Funny. I didn't learn that theory in my Modern European History class.

No wonder conservatives hate the New York Times. Between David Brooks and Thomas Friedman, the conservative voice there is an embarrassment.


Update: Thomas Friedman seems to be a little mixed up. Smoot-Hawley was passed in 1930, more than a decade after World War I. Says the State Department:

The Smoot-Hawley Tariff Act of June 1930 raised U.S. tariffs to historically high levels. The original intention behind the legislation was to increase the protection afforded domestic farmers against foreign agricultural imports. Massive expansion in the agricultural production sector outside of Europe during World War I led, with the postwar recovery of European producers, to massive agricultural overproduction during the 1920s. This in turn led to declining farm prices during the second half of the decade. During the 1928 election campaign, Republican Presidential candidate Herbert Hoover pledged to help the beleaguered farmer by, among other things, raising tariff levels on agricultural products. But once the tariff schedule revision process got started, it proved impossible to stop. Calls for increased protection flooded in from industrial sector special interest groups and soon a bill meant to provide relief for farmers became a means to raise tariffs in all sectors of the economy. When the dust had settled, Congress had agreed to tariff levels that exceeded the already high rates established by the 1922 Fordney-McCumber Act and represented among the most protectionist tariffs in U.S. history.

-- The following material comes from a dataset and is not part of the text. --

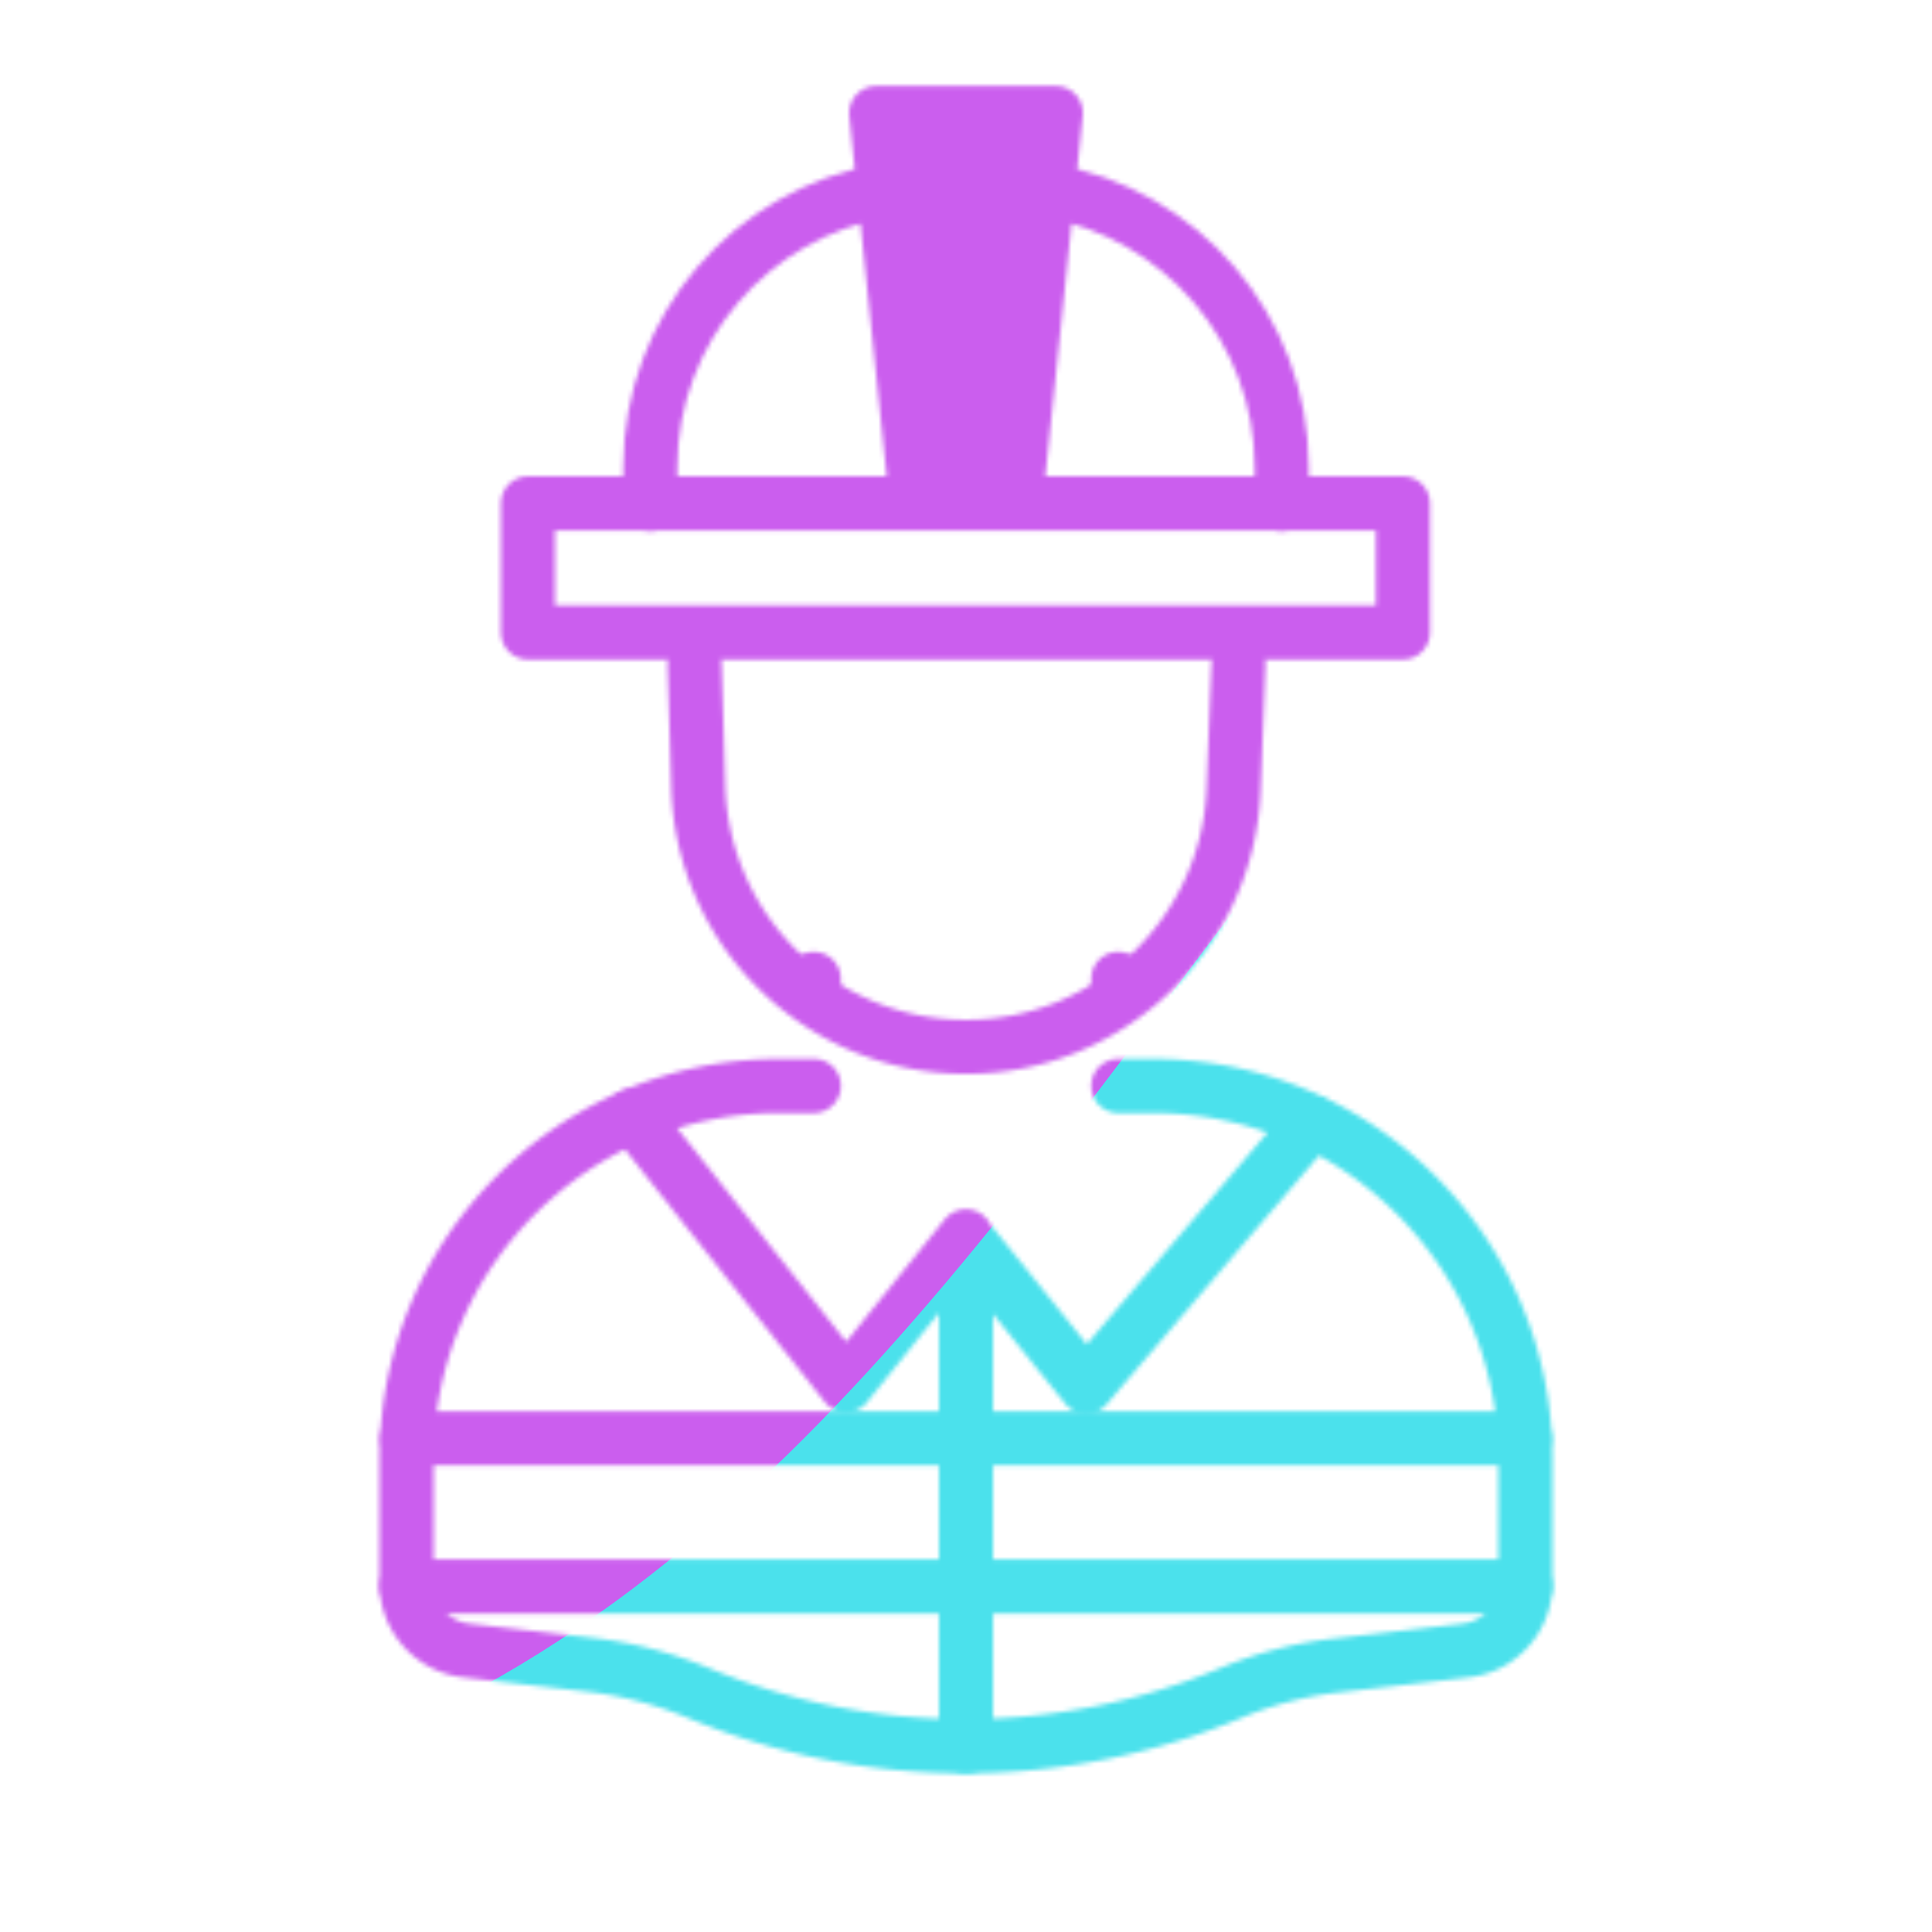 <svg xmlns="http://www.w3.org/2000/svg" width="430" height="430" style="width:100%;height:100%;transform:translate3d(0,0,0);content-visibility:visible" viewBox="0 0 430 430"><defs><clipPath id="f"><path d="M0 0h430v430H0z"/></clipPath><clipPath id="g"><path d="M0 0h430v430H0z"/></clipPath><clipPath id="d"><path d="M0 0h430v430H0z"/></clipPath><filter id="a" width="100%" height="100%" x="0%" y="0%" filterUnits="objectBoundingBox"><feComponentTransfer in="SourceGraphic"><feFuncA tableValues="1.0 0.0" type="table"/></feComponentTransfer></filter><filter id="i" width="300%" height="300%" x="-100%" y="-100%"><feGaussianBlur result="filter_result_0" stdDeviation="52.5 52.5"/></filter><mask id="e" mask-type="alpha"><g filter="url(#a)"><path fill="#fff" d="M0 0h430v430H0z" opacity="0"/><use xmlns:ns1="http://www.w3.org/1999/xlink" ns1:href="#b"/></g></mask><mask id="h" mask-type="alpha"><use xmlns:ns2="http://www.w3.org/1999/xlink" ns2:href="#c"/></mask><path id="b" fill="red" d="M-1.94-157h3.88c33.734 0 60.747 27.969 59.574 61.682l-1.94 55.781C58.458-7.442 32.115 18 0 18c-32.115 0-58.458-25.442-59.574-57.537l-1.94-55.781C-62.687-129.031-35.674-157-1.94-157z" style="display:block" transform="translate(215 215)"/><g id="c" clip-path="url(#d)" style="display:block"><path fill-opacity="0" stroke="#08A88A" stroke-linecap="round" stroke-linejoin="round" stroke-width="12.04" d="M-124.37 0h248.74" class="secondary" style="display:block" transform="translate(215 320.12)"/><path fill-opacity="0" stroke="#08A88A" stroke-linecap="round" stroke-linejoin="round" stroke-width="12.04" d="M124.48 0h-248.96" class="secondary" style="display:block" transform="translate(215 353.09)"/><path fill-opacity="0" stroke="#121331" stroke-linecap="round" stroke-linejoin="round" stroke-width="12.04" d="M0-56.705v113.41M-74.208-83.689l47.5 60.02 26.69-33.15M76.94-82.155l-50.19 58.81L.06-56.495" class="primary" style="display:block" transform="translate(215 331.955)"/><g mask="url(#e)" style="display:block"><path fill-opacity="0" stroke="#121331" stroke-linecap="round" stroke-linejoin="round" stroke-width="12.04" d="M248.87 217.845v18.94c0 18.63-15.25 37.658-33.88 37.658-18.63 0-33.87-19.028-33.87-37.658v-18.93" class="primary"/></g><path fill-opacity="0" stroke="#121331" stroke-linecap="round" stroke-linejoin="round" stroke-width="12.04" d="M33.88 26.69h7.62c45.84 0 83 37.16 83 83v27.76c0 7.62-5.71 14.03-13.28 14.9l-29.04 3.36a85.26 85.26 0 0 0-23.07 6.03c-18.91 7.91-39 11.88-59.11 11.92h-.3c-20.1 0-40.2-3.93-59.12-11.8l-.2-.08c-7.69-3.2-15.79-5.3-24.07-6.26l-27.53-3.17c-7.57-.87-13.28-7.28-13.28-14.9v-27.76c0-45.84 37.16-83 83-83h7.63m94.521-93.725-1.077 27.498C58.458-7.442 32.115 18 0 18c0 0 0 0 0 0-32.115 0-58.458-25.442-59.574-57.537l-.823-27.498" class="primary" style="display:block" transform="translate(215 215)"/><g style="display:block"><path fill-opacity="0" stroke="#08A88A" stroke-linecap="round" stroke-linejoin="round" stroke-width="12.04" d="M312.25 140.764H117.5v-28.736h194.75v28.736zm-167.512-28.51v-8.24c0-30.92 22.461-56.594 51.957-61.595m36.58-.005c29.511 4.989 51.987 30.67 51.987 61.6v8.24M204 111.752l-9-86.587h40l-9 86.587" class="secondary"/><path fill="red" d="m204 111.752-9-86.587h40l-9 86.587"/></g></g></defs><g clip-path="url(#f)"><g clip-path="url(#g)" mask="url(#h)" style="display:block"><g filter="url(#i)" transform="rotate(-94 246.006 -9.298) scale(2.4)"><g class="design"><path fill="#4BE1EC" d="M0-250c137.975 0 250 112.025 250 250S137.975 250 0 250-250 137.975-250 0-137.975-250 0-250z" class="primary"/></g><g class="design"><path fill="#CB5EEE" d="M113.242-295.384c97.478 0 176.5 79.022 176.5 176.5s-79.022 176.5-176.5 176.5c-43.948 0-74.396-34.057-105.29-60.631-37.631-32.369-71.21-62.338-71.21-115.869 0-97.478 79.022-176.5 176.5-176.5z" class="secondary"/></g></g></g></g></svg>

The Smoot-Hawley Tariff was more a consequence of the onset of the Great Depression than an initial cause. But while the tariff might not have caused the Depression, it certainly did not make it any better. It provoked a storm of foreign retaliatory measures and came to stand as a symbol of the ‘beggar-thy-neighbor’ policies (policies designed to improve one’s own lot at the expense of that of others) of the 1930s. Such policies contributed to a drastic decline in international trade. For example, U.S. imports from Europe declined from a 1929 high of $1,334 million to just $390 million in 1932, while U.S. exports to Europe fell from $2,341 million in 1929 to $784 million in 1932. Overall, world trade declined by some 66% between 1929 and 1934. More generally, Smoot-Hawley did nothing to foster trust and cooperation among nations in either the political or economic realm during a perilous era in international relations.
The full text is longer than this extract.